- Instructions to follow:
Below are records with pictures; copy word for word only the lines between the line with "Verkehrszeichen: KurveLinks" and the line with "H&E-stained tissue: Breast", inclusive, and drop the pictures.

- Supplied information:
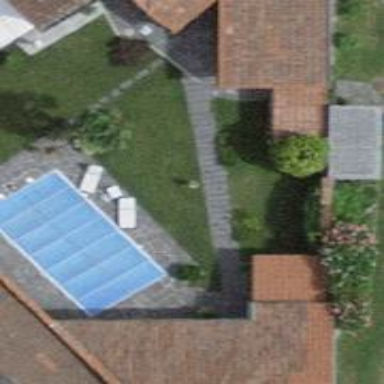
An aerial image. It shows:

==

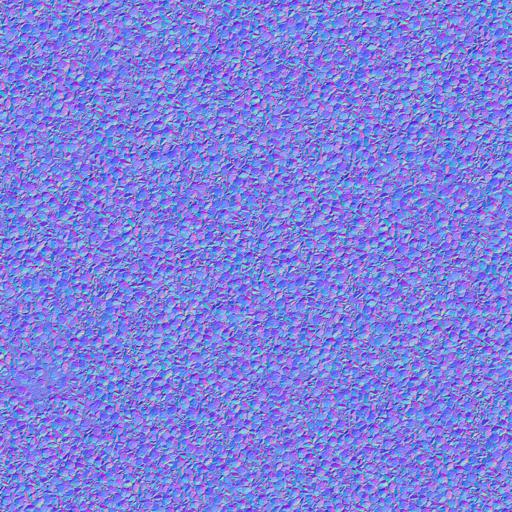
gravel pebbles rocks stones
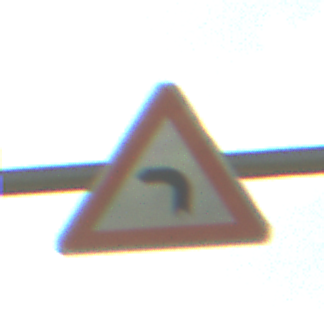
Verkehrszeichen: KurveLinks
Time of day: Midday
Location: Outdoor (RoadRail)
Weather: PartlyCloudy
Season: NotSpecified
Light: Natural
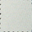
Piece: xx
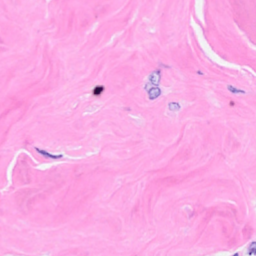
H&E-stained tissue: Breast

- Solution to this problem:
Verkehrszeichen: KurveLinks
Time of day: Midday
Location: Outdoor (RoadRail)
Weather: PartlyCloudy
Season: NotSpecified
Light: Natural
Piece: xx
H&E-stained tissue: Breast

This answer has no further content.